We must decide next what consequences attach when a municipal zoning entity conducts a hearing subsequently found to be invalid because of failure to comply with statutory requirements for prehearing notice. Since colonial days, local government has been conducted in town meetings where the will of the people is given expression. It has been well settled since the early nineteenth century that any action taken in a town meeting is without legal effect when statutory provisions as to notice prior to the meeting are not complied with. Hayden v. Noyes, 5 Conn. 391, 396 (1824); see also Pinney v. Brown, 60 Conn. 164, 168-69, 22 A. 430 (1891), and cases cited therein. This same longstanding principle has been repeatedly applied in the context of actions taken by administrative tribunals, such as zoning bodies.

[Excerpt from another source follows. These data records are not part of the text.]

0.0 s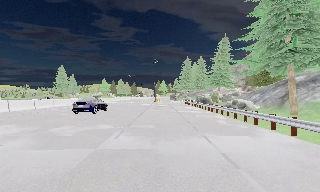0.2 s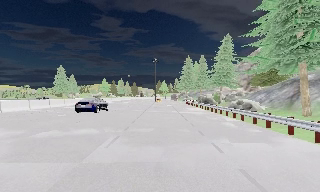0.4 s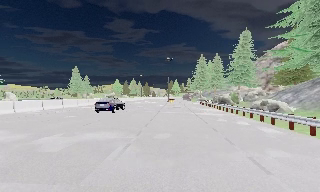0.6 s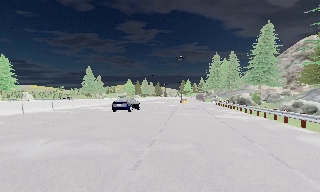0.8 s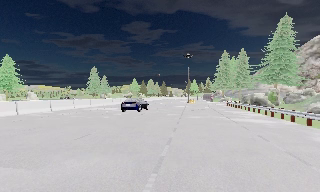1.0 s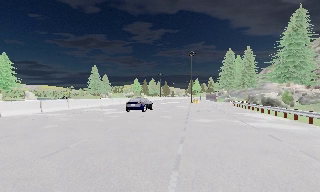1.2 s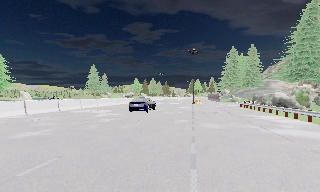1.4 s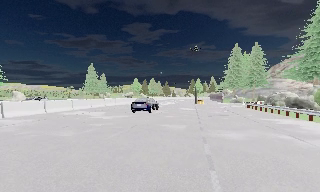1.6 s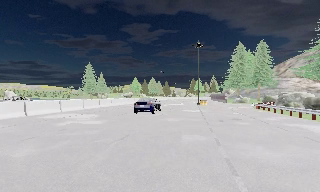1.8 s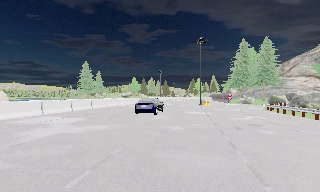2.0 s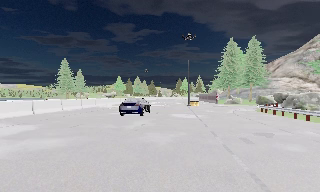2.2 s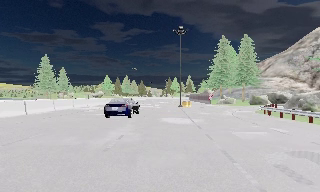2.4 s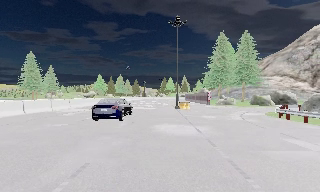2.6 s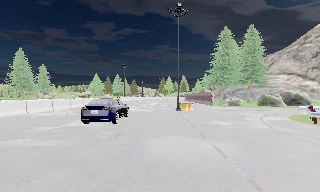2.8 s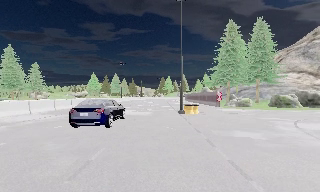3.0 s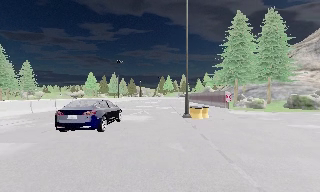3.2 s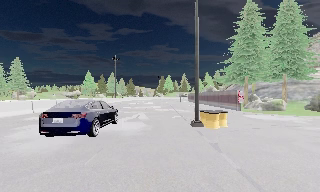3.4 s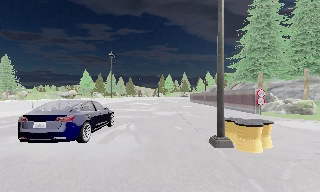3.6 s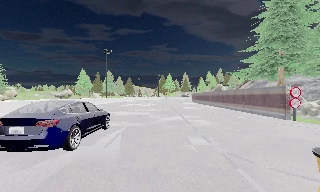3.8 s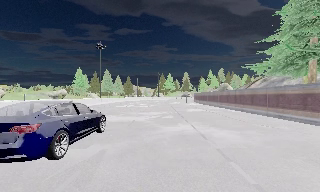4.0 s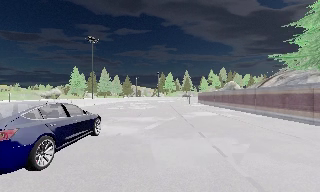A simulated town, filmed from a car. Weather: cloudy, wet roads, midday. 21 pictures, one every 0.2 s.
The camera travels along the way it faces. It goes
forward.
0.0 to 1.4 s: The scene slides to the right, as the camera pans about 10 degrees to its left. It travels forward, about 11 m, so what stands in front looms larger. It gains speed.
1.4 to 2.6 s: The camera swings to its right by about 10 degrees, and the scene slides to the left. It travels forward, about 16 m, so what stands in front looms larger.
2.6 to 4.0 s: The camera travels forward, about 25 m, so what stands in front looms larger.
The film runs forward here.
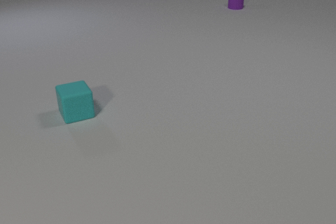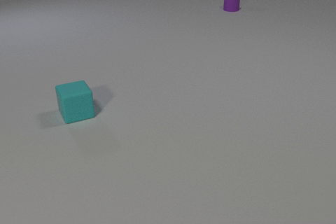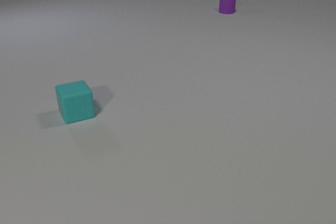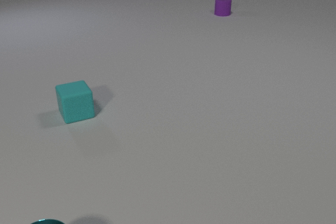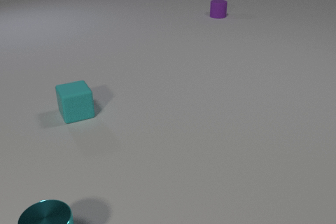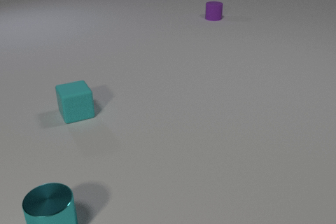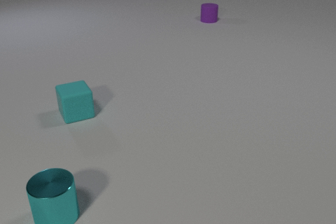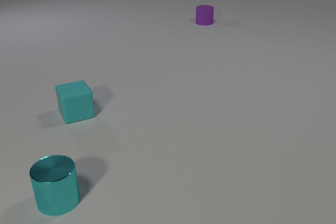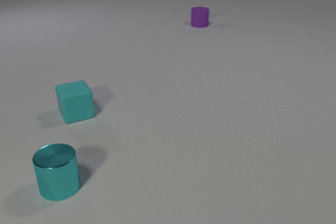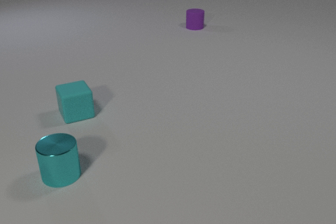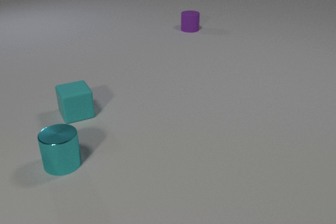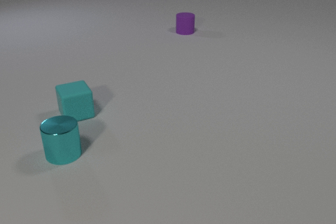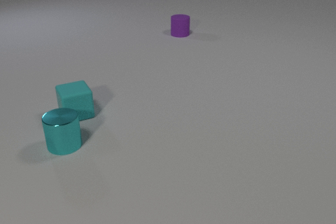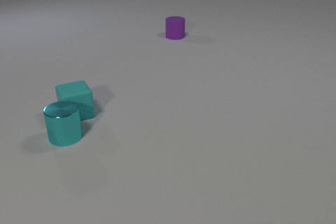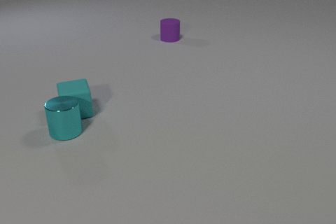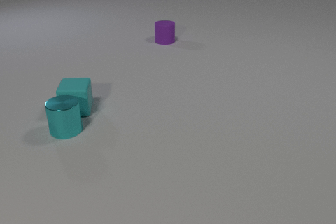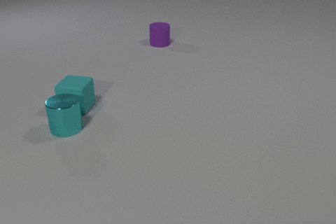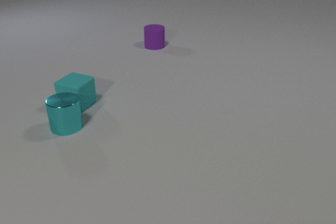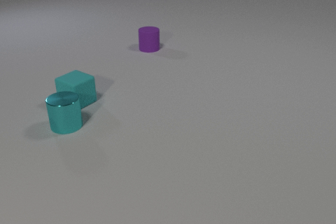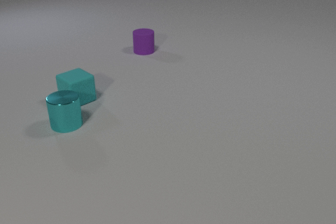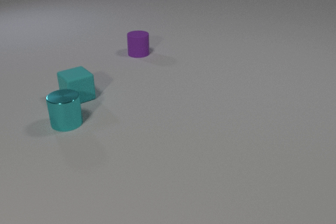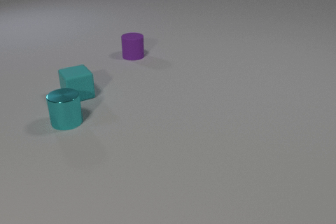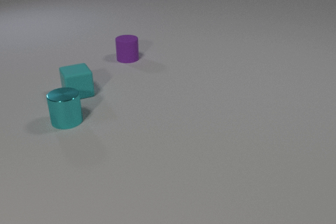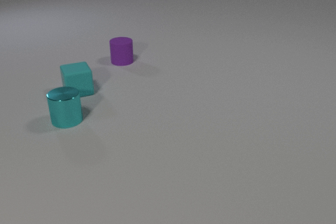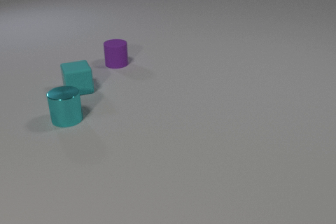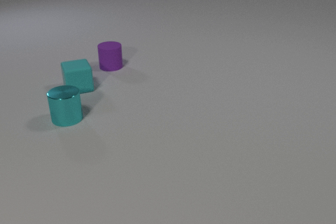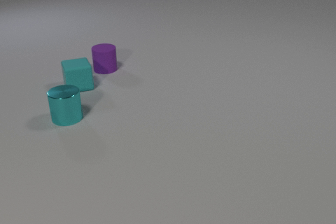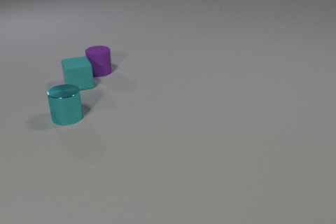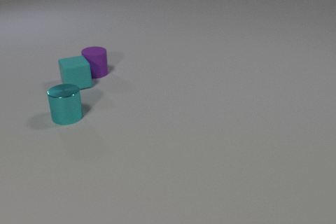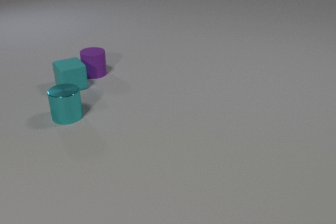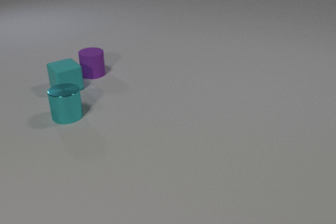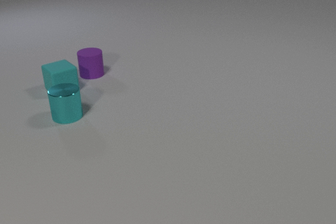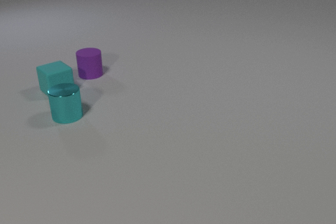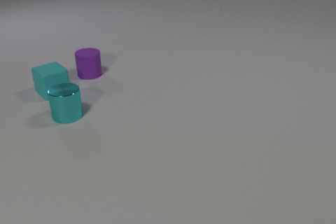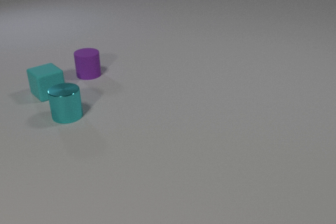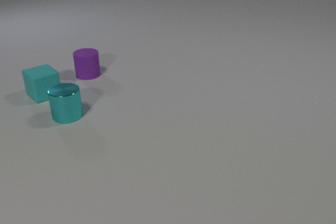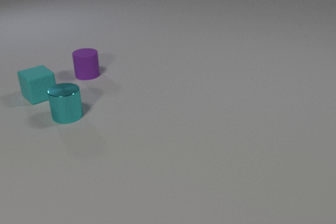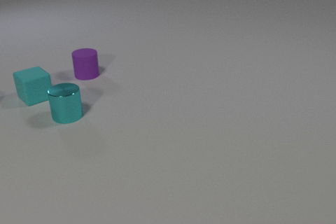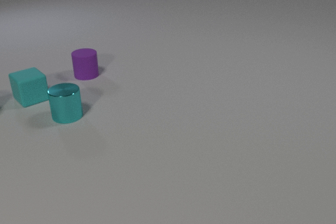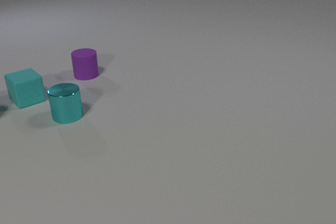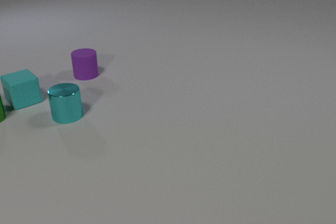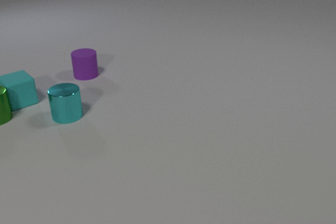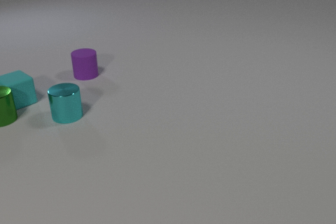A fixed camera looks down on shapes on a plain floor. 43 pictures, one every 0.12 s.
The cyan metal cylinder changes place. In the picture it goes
away from the camera.
0.00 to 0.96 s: The cyan metal cylinder comes in at the bottom edge, slides away from the camera. The purple rubber cylinder slides toward the camera and to the left.
0.96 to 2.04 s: The cyan metal cylinder slides away from the camera. The cyan rubber cube slides away from the camera, spins so that its near face slides to the left, clockwise seen from above. The purple rubber cylinder slides toward the camera and to the left. The cyan metal cylinder and the cyan rubber cube collide.
2.04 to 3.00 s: The cyan metal cylinder slides away from the camera. The cyan rubber cube slides away from the camera, spins so that its near face slides to the left, clockwise seen from above. The purple rubber cylinder slides toward the camera and to the left.
3.00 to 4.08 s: The cyan rubber cube slides to the left. The purple rubber cylinder slides to the left and toward the camera. The cyan rubber cube and the purple rubber cylinder collide.
4.08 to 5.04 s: The cyan rubber cube slides to the left. The green metal cylinder comes in at the left edge, slides to the right and toward the camera. The cyan rubber cube and the green metal cylinder collide.
What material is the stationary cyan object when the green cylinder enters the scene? metal.
What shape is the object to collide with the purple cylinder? cube.
Are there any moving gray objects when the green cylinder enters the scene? no.

While the warning need not be couched in language of technical nicety, it must specify the business to be transacted. Bull vs.Town of Warren, 36 Conn. 83, 85; Bedard vs. Cunneen, 111 id. 338, 341. Many cases deal with the matter under discussion, but all of them seem to stand on the principle expressed in South School District vs. Blakeslee,, 13 Conn. 227, 234, that the business to come before the meeting must be so stated in the warning that the legal voters may fairly understand the purpose for which they are to convene. Hayden vs. Noyes, 5 Conn. 391; Bartlett vs. Kinsley, 15 id. 327; Baldwin vs. Town of North Branford, 32 id. 47; Brooklyn Trust Co. vs. Town of Hebron, 51 id. 22; Wright vs. North School District, 53 id. 576; Woodward vs. Reynolds, 58 id. 486; Pinney vs. Brown, 60 id. 164; State ex rel. Johnson vs. Atchison, 105 id. 315. Obviously, there is nothing expressly stated in the warning as to the proposed rescission of the March vote. And measured in the light of the principle above stated, the warning does not refer inferentially with sufficient clarity, if at all, to the action the meeting eventually took.